→ TO DO: Copy out each line of the data that holds the word "white".

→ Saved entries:
Content starts
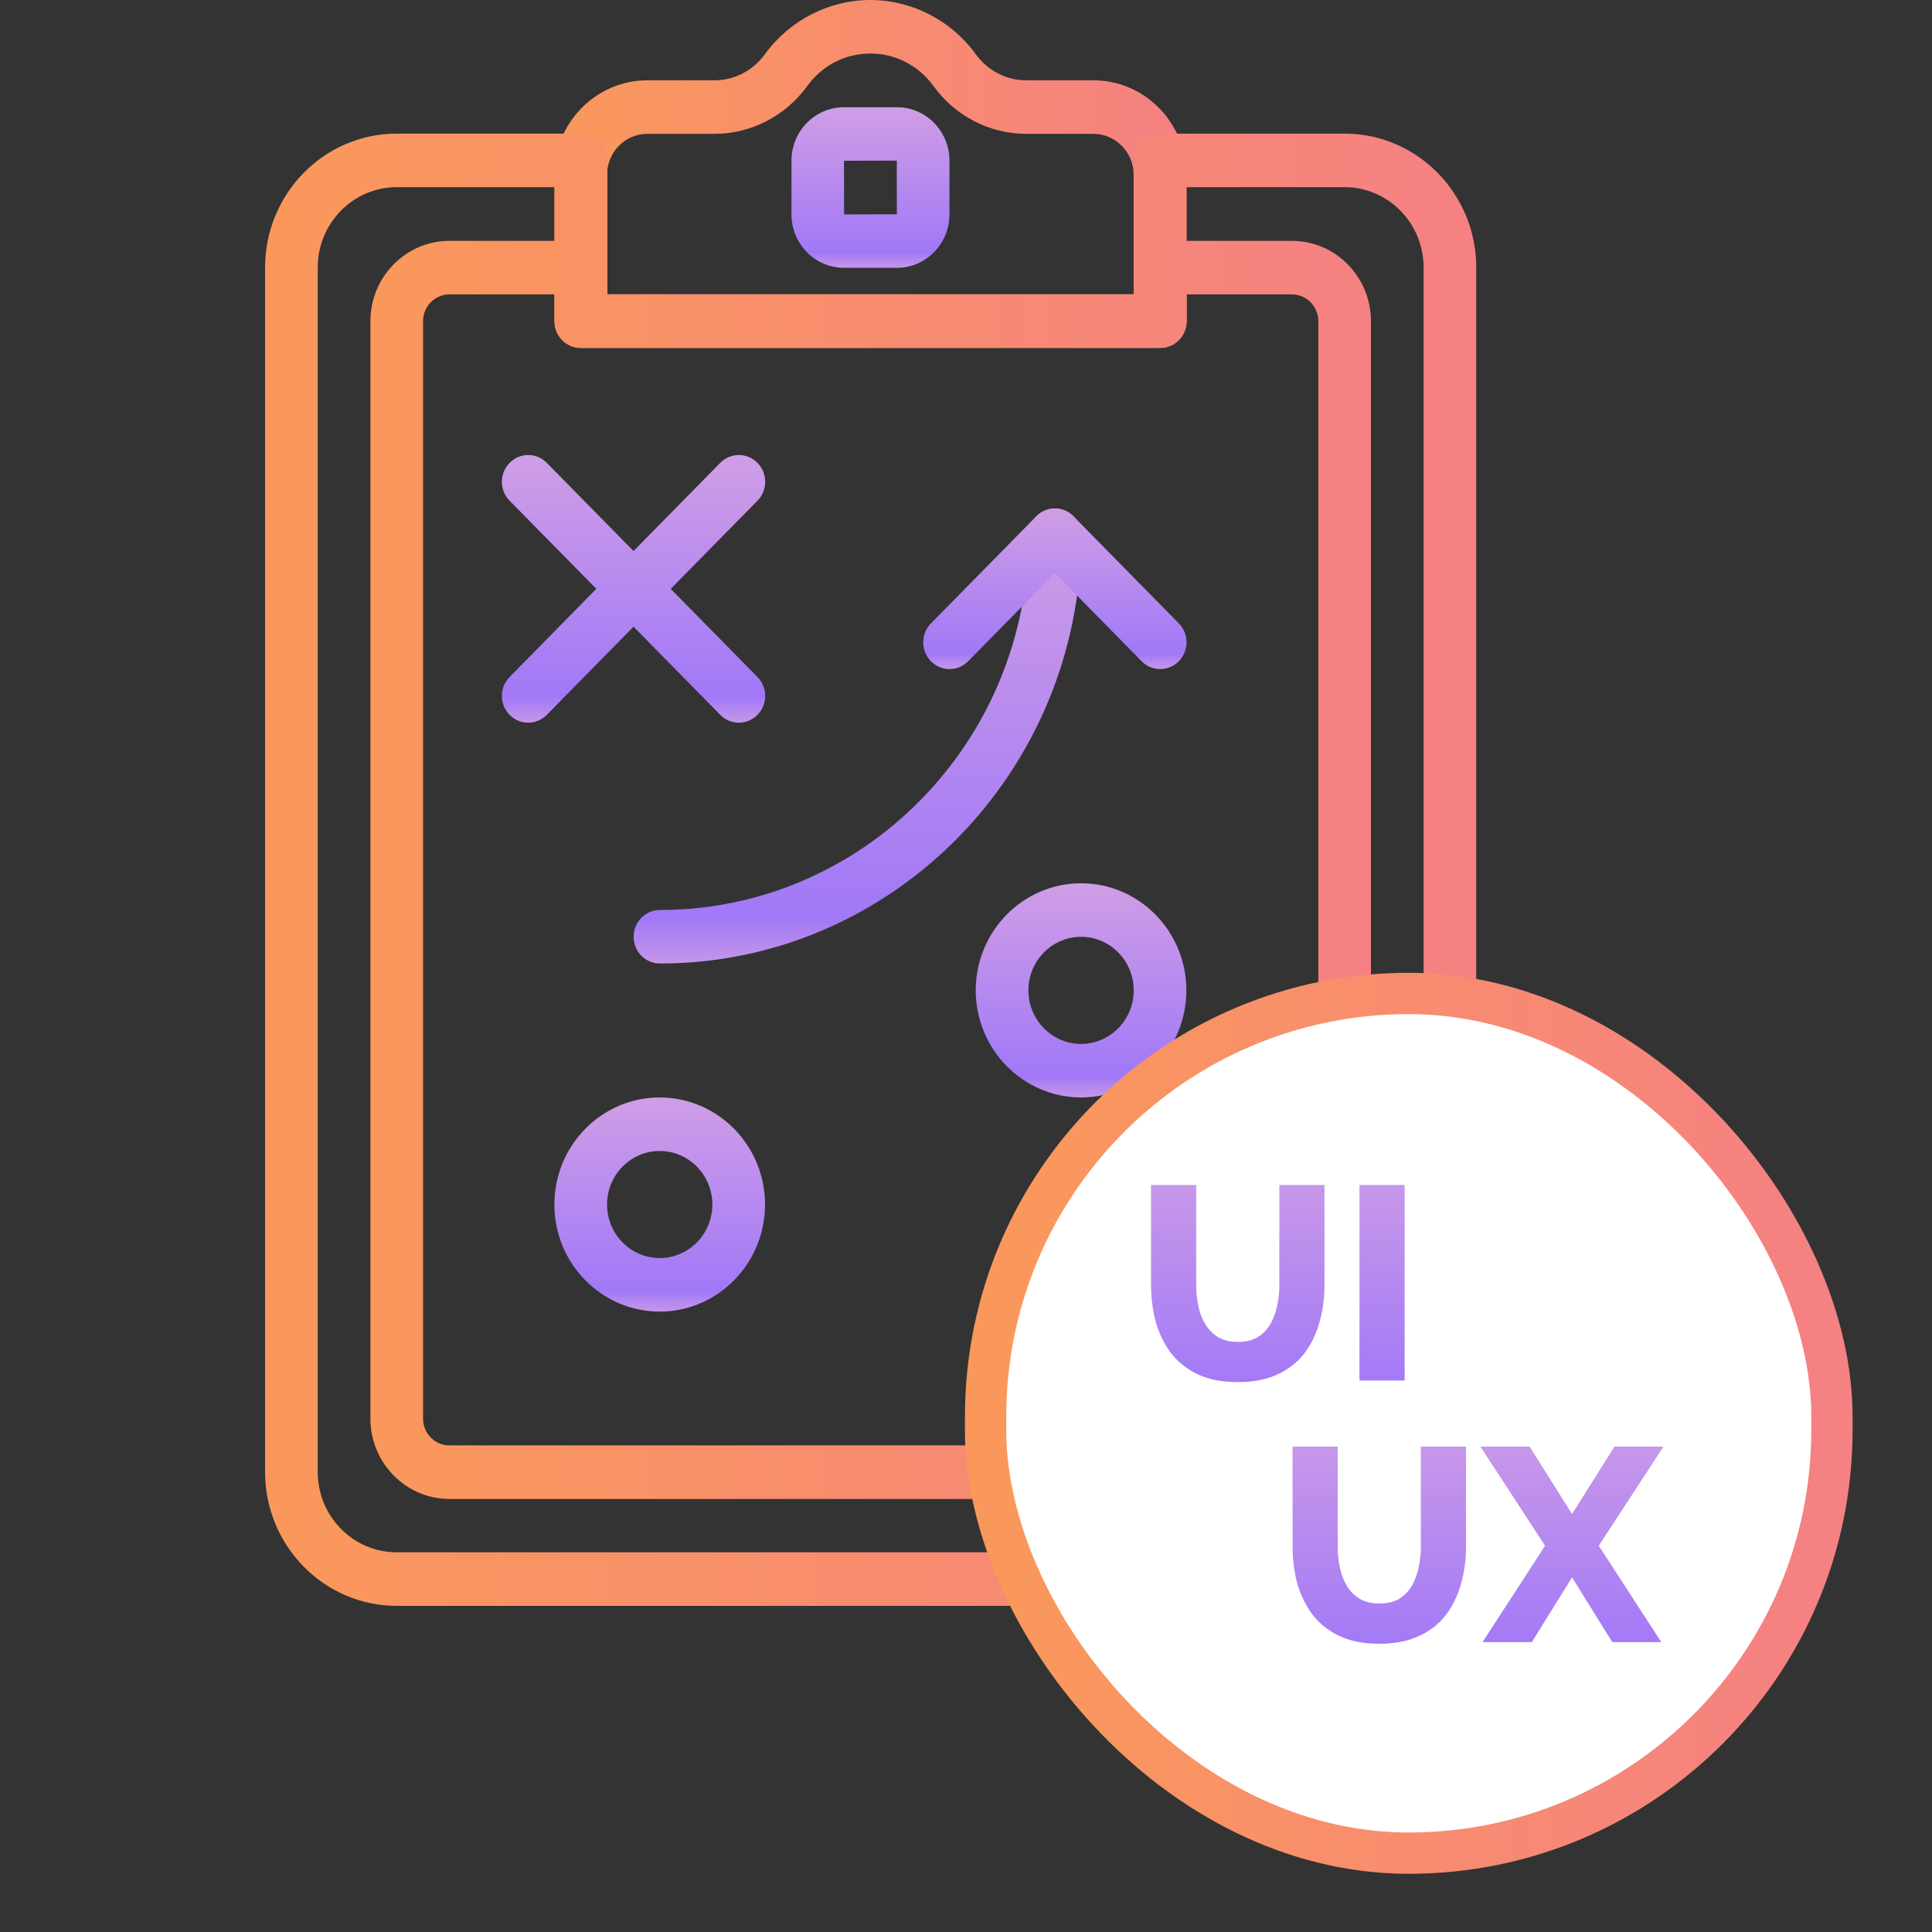 <svg width="48" height="48" viewBox="0 0 48 48" fill="none" xmlns="http://www.w3.org/2000/svg">
<rect x="0" y="0" width="48" height="48" fill="#333333" stroke="none"/>
<g clip-path="url(#clip0_1607_4588)">
<path d="M18.819 16.82L13.585 11.5C13.33 11.24 12.916 11.24 12.661 11.5C12.405 11.76 12.405 12.18 12.661 12.44L17.894 17.76C18.021 17.89 18.189 17.955 18.356 17.955C18.524 17.955 18.691 17.89 18.819 17.76C19.075 17.5 19.075 17.08 18.819 16.82Z" fill="url(#paint0_linear_1607_4588)"/>
<path d="M18.819 11.5C18.563 11.24 18.15 11.24 17.894 11.5L12.661 16.82C12.405 17.08 12.405 17.5 12.661 17.76C12.788 17.89 12.956 17.955 13.123 17.955C13.29 17.955 13.458 17.89 13.585 17.76L18.819 12.44C19.075 12.18 19.075 11.76 18.819 11.5Z" fill="url(#paint1_linear_1607_4588)"/>
<path d="M16.39 27.266C14.947 27.266 13.773 28.459 13.773 29.926C13.773 31.393 14.947 32.586 16.39 32.586C17.833 32.586 19.007 31.393 19.007 29.926C19.007 28.459 17.833 27.266 16.39 27.266ZM16.39 31.256C15.668 31.256 15.082 30.659 15.082 29.926C15.082 29.192 15.668 28.596 16.39 28.596C17.112 28.596 17.698 29.192 17.698 29.926C17.698 30.659 17.112 31.256 16.39 31.256Z" fill="url(#paint2_linear_1607_4588)"/>
<path d="M26.859 21.945C25.416 21.945 24.242 23.138 24.242 24.605C24.242 26.073 25.416 27.265 26.859 27.265C28.302 27.265 29.475 26.072 29.475 24.605C29.475 23.138 28.302 21.945 26.859 21.945ZM26.859 25.936C26.137 25.936 25.55 25.339 25.55 24.605C25.55 23.872 26.137 23.275 26.859 23.275C27.58 23.275 28.167 23.872 28.167 24.605C28.167 25.339 27.58 25.936 26.859 25.936Z" fill="url(#paint3_linear_1607_4588)"/>
<path d="M26.209 12.633C25.848 12.633 25.555 12.93 25.555 13.298C25.555 18.432 21.447 22.608 16.396 22.608C16.035 22.608 15.742 22.905 15.742 23.273C15.742 23.641 16.035 23.938 16.396 23.938C22.167 23.938 26.863 19.165 26.863 13.298C26.863 12.93 26.57 12.633 26.209 12.633Z" fill="url(#paint4_linear_1607_4588)"/>
<path d="M29.288 15.488L26.671 12.828C26.415 12.568 26.002 12.568 25.746 12.828L23.129 15.488C22.873 15.748 22.873 16.168 23.129 16.428C23.385 16.688 23.799 16.688 24.054 16.428L26.209 14.238L28.363 16.428C28.49 16.558 28.658 16.623 28.825 16.623C28.993 16.623 29.16 16.558 29.288 16.428C29.543 16.168 29.543 15.748 29.288 15.488Z" fill="url(#paint5_linear_1607_4588)"/>
<path d="M27.164 1.995H25.49C25.003 1.995 24.538 1.754 24.246 1.351C23.634 0.505 22.653 0 21.623 0C20.594 0 19.613 0.505 19.001 1.351C18.709 1.754 18.243 1.995 17.757 1.995H16.083C14.809 1.995 13.773 3.049 13.773 4.343V7.98C13.773 8.348 14.066 8.645 14.428 8.645H28.819C29.18 8.645 29.473 8.348 29.473 7.98V4.343C29.473 3.049 28.438 1.995 27.164 1.995ZM28.165 7.315H15.082V4.343C15.082 3.782 15.531 3.325 16.083 3.325H17.757C18.657 3.325 19.516 2.882 20.055 2.139C20.427 1.625 20.999 1.33 21.623 1.33C22.248 1.33 22.82 1.625 23.193 2.139C23.73 2.882 24.589 3.325 25.49 3.325H27.164C27.716 3.325 28.165 3.782 28.165 4.343V7.315H28.165Z" fill="url(#paint6_linear_1607_4588)"/>
<path d="M33.407 3.32H28.828C28.466 3.32 28.173 3.618 28.173 3.985V7.31H15.09V3.985C15.09 3.618 14.797 3.32 14.436 3.32H9.857C8.053 3.32 6.586 4.812 6.586 6.645V36.572C6.586 38.405 8.053 39.897 9.857 39.897H33.407C35.21 39.897 36.677 38.405 36.677 36.572V6.645C36.677 4.812 35.21 3.32 33.407 3.32ZM35.369 36.572C35.369 37.672 34.489 38.567 33.407 38.567H9.857C8.775 38.567 7.894 37.672 7.894 36.572V6.645C7.894 5.545 8.775 4.65 9.857 4.65H13.782V7.975C13.782 8.343 14.075 8.64 14.436 8.64H28.827C29.189 8.64 29.482 8.343 29.482 7.975V4.65H33.407C34.489 4.65 35.369 5.545 35.369 6.645V36.572H35.369Z" fill="url(#paint7_linear_1607_4588)"/>
<path d="M32.099 5.984H28.828C28.467 5.984 28.174 6.282 28.174 6.649V7.314H15.091V6.649C15.091 6.282 14.797 5.984 14.436 5.984H11.166C10.084 5.984 9.203 6.88 9.203 7.979V35.246C9.203 36.346 10.084 37.241 11.166 37.241H32.099C33.181 37.241 34.061 36.346 34.061 35.246V7.979C34.061 6.88 33.181 5.984 32.099 5.984ZM32.753 35.246C32.753 35.613 32.459 35.911 32.099 35.911H11.166C10.805 35.911 10.511 35.613 10.511 35.246V7.979C10.511 7.612 10.805 7.314 11.166 7.314H13.782V7.979C13.782 8.347 14.075 8.644 14.436 8.644H28.828C29.189 8.644 29.482 8.347 29.482 7.979V7.314H32.099C32.459 7.314 32.753 7.612 32.753 7.979V35.246H32.753Z" fill="url(#paint8_linear_1607_4588)"/>
<path d="M22.284 2.664H20.969C20.25 2.664 19.664 3.259 19.664 3.991V5.327C19.664 6.059 20.25 6.654 20.969 6.654H22.284C23.004 6.654 23.589 6.059 23.589 5.327V3.991C23.589 3.259 23.004 2.664 22.284 2.664ZM20.972 5.327L20.969 3.994L22.281 3.991L22.281 5.324L20.972 5.327Z" fill="url(#paint9_linear_1607_4588)"/>
</g>
<rect x="24.487" y="24.682" width="21.027" height="21.359" rx="10.513" fill="white"/>
<path d="M30.752 34.338C30.364 34.338 30.034 34.274 29.76 34.146C29.486 34.014 29.263 33.836 29.09 33.613C28.921 33.385 28.796 33.127 28.713 32.84C28.636 32.548 28.597 32.242 28.597 31.923V29.44H29.719V31.923C29.719 32.105 29.737 32.283 29.774 32.457C29.81 32.625 29.87 32.776 29.952 32.908C30.034 33.04 30.139 33.145 30.266 33.223C30.399 33.3 30.561 33.339 30.752 33.339C30.948 33.339 31.112 33.3 31.245 33.223C31.377 33.141 31.482 33.034 31.559 32.901C31.637 32.764 31.694 32.612 31.73 32.443C31.767 32.274 31.785 32.101 31.785 31.923V29.44H32.907V31.923C32.907 32.261 32.864 32.575 32.777 32.867C32.695 33.159 32.567 33.417 32.394 33.64C32.221 33.859 31.997 34.03 31.724 34.153C31.454 34.276 31.131 34.338 30.752 34.338ZM33.776 34.297V29.44H34.898V34.297H33.776Z" fill="url(#paint10_linear_1607_4588)"/>
<path d="M34.268 40.838C33.881 40.838 33.55 40.774 33.276 40.646C33.003 40.514 32.779 40.336 32.606 40.113C32.437 39.885 32.312 39.627 32.23 39.34C32.152 39.048 32.113 38.742 32.113 38.423V35.94H33.235V38.423C33.235 38.605 33.254 38.783 33.29 38.957C33.327 39.125 33.386 39.276 33.468 39.408C33.55 39.54 33.655 39.645 33.783 39.723C33.915 39.8 34.077 39.839 34.268 39.839C34.464 39.839 34.629 39.8 34.761 39.723C34.893 39.641 34.998 39.534 35.076 39.401C35.153 39.264 35.21 39.112 35.247 38.943C35.283 38.774 35.301 38.601 35.301 38.423V35.94H36.423V38.423C36.423 38.761 36.38 39.075 36.293 39.367C36.211 39.659 36.084 39.917 35.91 40.14C35.737 40.359 35.513 40.53 35.24 40.653C34.971 40.776 34.647 40.838 34.268 40.838ZM38.004 35.94L39.057 37.616L40.111 35.94H41.329L39.721 38.403L41.274 40.797H40.056L39.057 39.189L38.059 40.797H36.834L38.387 38.403L36.779 35.94H38.004Z" fill="url(#paint11_linear_1607_4588)"/>
<rect x="24.487" y="24.682" width="21.027" height="21.359" rx="10.513" stroke="url(#paint12_linear_1607_4588)" stroke-width="1.026"/>
<defs>
<linearGradient id="paint0_linear_1607_4588" x1="15.74" y1="11.337" x2="15.74" y2="17.923" gradientUnits="userSpaceOnUse">
<stop stop-color="#CF9EE6"/>
<stop offset="0.906" stop-color="#A178F7"/>
<stop offset="1" stop-color="#C495EA"/>
</linearGradient>
<linearGradient id="paint1_linear_1607_4588" x1="15.74" y1="11.337" x2="15.74" y2="17.923" gradientUnits="userSpaceOnUse">
<stop stop-color="#CF9EE6"/>
<stop offset="0.906" stop-color="#A178F7"/>
<stop offset="1" stop-color="#C495EA"/>
</linearGradient>
<linearGradient id="paint2_linear_1607_4588" x1="16.39" y1="27.292" x2="16.39" y2="32.56" gradientUnits="userSpaceOnUse">
<stop stop-color="#CF9EE6"/>
<stop offset="0.906" stop-color="#A178F7"/>
<stop offset="1" stop-color="#C495EA"/>
</linearGradient>
<linearGradient id="paint3_linear_1607_4588" x1="26.859" y1="21.971" x2="26.859" y2="27.239" gradientUnits="userSpaceOnUse">
<stop stop-color="#CF9EE6"/>
<stop offset="0.906" stop-color="#A178F7"/>
<stop offset="1" stop-color="#C495EA"/>
</linearGradient>
<linearGradient id="paint4_linear_1607_4588" x1="21.302" y1="12.688" x2="21.302" y2="23.883" gradientUnits="userSpaceOnUse">
<stop stop-color="#CF9EE6"/>
<stop offset="0.906" stop-color="#A178F7"/>
<stop offset="1" stop-color="#C495EA"/>
</linearGradient>
<linearGradient id="paint5_linear_1607_4588" x1="26.208" y1="12.652" x2="26.208" y2="16.604" gradientUnits="userSpaceOnUse">
<stop stop-color="#CF9EE6"/>
<stop offset="0.906" stop-color="#A178F7"/>
<stop offset="1" stop-color="#C495EA"/>
</linearGradient>
<linearGradient id="paint6_linear_1607_4588" x1="13.773" y1="4.323" x2="29.473" y2="4.323" gradientUnits="userSpaceOnUse">
<stop stop-color="#FA985B"/>
<stop offset="1" stop-color="#F58182"/>
</linearGradient>
<linearGradient id="paint7_linear_1607_4588" x1="6.586" y1="21.609" x2="36.677" y2="21.609" gradientUnits="userSpaceOnUse">
<stop stop-color="#FA985B"/>
<stop offset="1" stop-color="#F58182"/>
</linearGradient>
<linearGradient id="paint8_linear_1607_4588" x1="9.203" y1="21.613" x2="34.061" y2="21.613" gradientUnits="userSpaceOnUse">
<stop stop-color="#FA985B"/>
<stop offset="1" stop-color="#F58182"/>
</linearGradient>
<linearGradient id="paint9_linear_1607_4588" x1="21.627" y1="2.684" x2="21.627" y2="6.635" gradientUnits="userSpaceOnUse">
<stop stop-color="#CF9EE6"/>
<stop offset="0.906" stop-color="#A178F7"/>
<stop offset="1" stop-color="#C495EA"/>
</linearGradient>
<linearGradient id="paint10_linear_1607_4588" x1="31.781" y1="28.331" x2="31.781" y2="35.263" gradientUnits="userSpaceOnUse">
<stop stop-color="#CF9EE6"/>
<stop offset="0.906" stop-color="#A178F7"/>
<stop offset="1" stop-color="#C495EA"/>
</linearGradient>
<linearGradient id="paint11_linear_1607_4588" x1="36.5" y1="34.831" x2="36.5" y2="41.763" gradientUnits="userSpaceOnUse">
<stop stop-color="#CF9EE6"/>
<stop offset="0.906" stop-color="#A178F7"/>
<stop offset="1" stop-color="#C495EA"/>
</linearGradient>
<linearGradient id="paint12_linear_1607_4588" x1="25" y1="35.362" x2="45.001" y2="35.362" gradientUnits="userSpaceOnUse">
<stop stop-color="#FA985B"/>
<stop offset="1" stop-color="#F58182"/>
</linearGradient>
<clipPath id="clip0_1607_4588">
<rect width="39.25" height="39.902" fill="white" transform="translate(2)"/>
</clipPath>
</defs>
</svg>
Content ends
→ ANSWER SECTION:
<rect x="24.487" y="24.682" width="21.027" height="21.359" rx="10.513" fill="white"/>
<rect width="39.25" height="39.902" fill="white" transform="translate(2)"/>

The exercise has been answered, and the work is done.